NATIONAL BANK. See Bank.

Power to receive Special Deposits-Liability for-Evidence.-The power to receive special deposits is conferred by the National Banking Act, upon banks organized under that act: First National Bank of Mansfield v. Zent, 38 or 39 Ohio St.

Where a national bank has been accustomed to receive United States bonds as special deposits, gratuitously, it is liable for any loss thereof occurring through the want of that degree of care which good business men would exercise in keeping property of such value: Id.

A demand of such bonds, and a refusal by the bank to deliver the same, with no other explanation of such refusal than the statement that the bank has no such bonds in its possession, furnish sufficient proof of loss by such negligence as will render the bank liable therefor: Id.

Construction of National Banking Acts and Section 3466 Revised Statutes-Claims of United States when not Preferred.-The law of 1797, re-enacted in the Revised Statutes, giving priority to the demands of the United States against insolvents cannot be applied to demands against National Banks which have failed. The provisions of that law and of the national banking law being, as applied to demands against national banks, inconsistent and repugnant, the former must yield to the latter, and is, to the extent of the repugnancy, superseded by it: National Bank v. The United States, S. C. U. S., Oct. Term 1882.

At the time of its suspension a national bank had on deposit certain postal funds" and "money-order funds" deposited by a deputy-postmaster. The Treasury Department, over and above a sum sufficient to secure the circulation of the bank's notes, had $30,000 belonging to it, but the liabilities of the bank exceeded its assets. Held, that the claim of the United States for moneys so deposited by the deputy-postmaster was not a preferred debt nor could it be set off against the surplus moneys remaining in the treasury of the proceeds of bonds deposited as security for the circulating the notes of the bank: Id.

NEGLIGENCE.

Railroad-Rate of Speed-Contributory Negligence-Duty of Court.

-Aside from statutory or municipal regulation, no rate of speed at which a railroad train may be run is negligence per se: Powell v. The Missouri Pacific Railway Co., 76 Mo.

In an action grounded upon allegations of negligence, if the undisputed facts show that notwithstanding the defendant's negligence, the plaintiff would not have sustained the injuries complained of but for his own negligence directly tending to produce them, it is the duty of the court to direct the jury to find for defendant: Id.

Railroad-Escape of Fire-Presumption.-There is no legal presumption that a railroad company, while in the exercise of its lawful right to run its locomotives and trains over its road and to use fire in so doing, will not permit fire to escape from them: Palmer v.
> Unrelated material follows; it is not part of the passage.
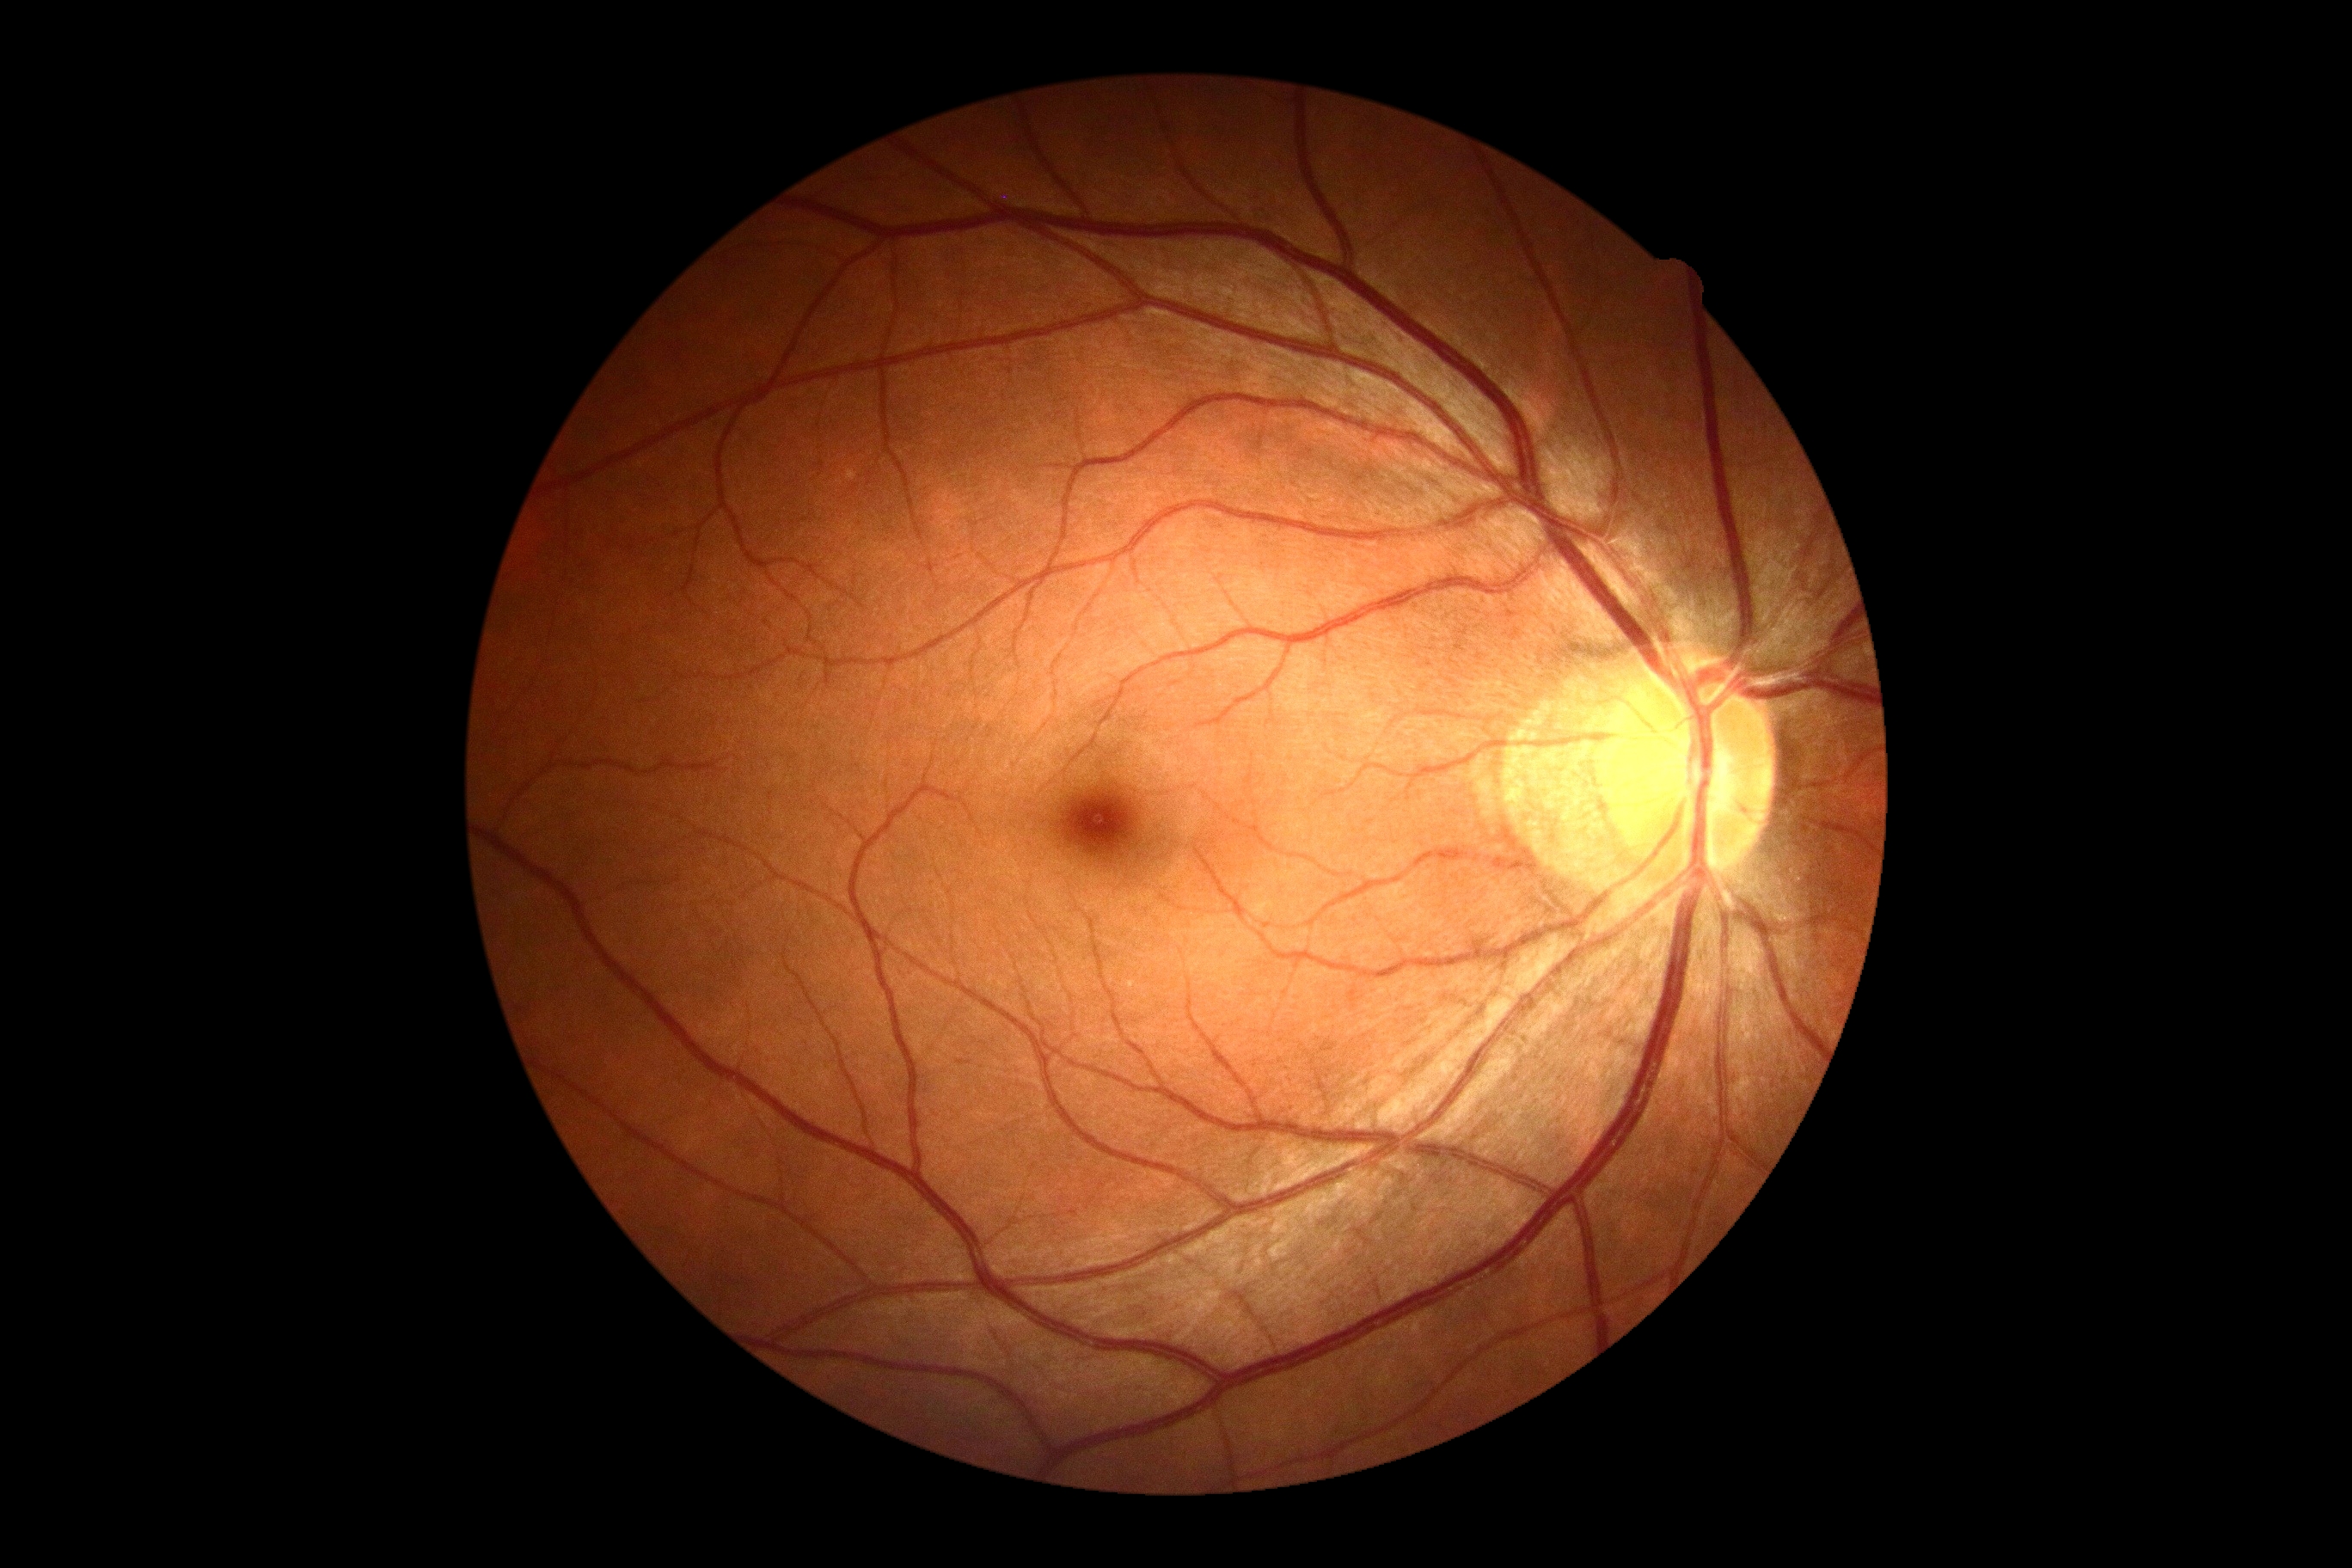
DR severity: grade 0 (no apparent retinopathy).

Missouri Pacific Railway Co., 76 Mo.

The fact that a railroad company uses good machinery and the most approved appliances to prevent the escape of fire, and has careful and competent men in charge thereof, will not, in case fire does escape, of itself rebut the prima facie inference of negligence or exempt the company from liability for damages caused thereby: Id.

Railroad companies must use reasonable precautions to prevent fire from being carried from their locomotives by such winds as are usual and ordinary at the season and the place, and are only relieved from making provision against extraordinary and unusual winds: Id.

NOTICE. See Bank.

ORDINANCE.

Rules of Construction-Pay of Officers.-The charter and ordinances of a city stand in the same relation to each other as the constitution and statutes of a state, and the rules applicable in deciding questions of conflict between the latter may be resorted to to determine similar questions between the former: Quinette v. City of St. Louis, 76 Mo.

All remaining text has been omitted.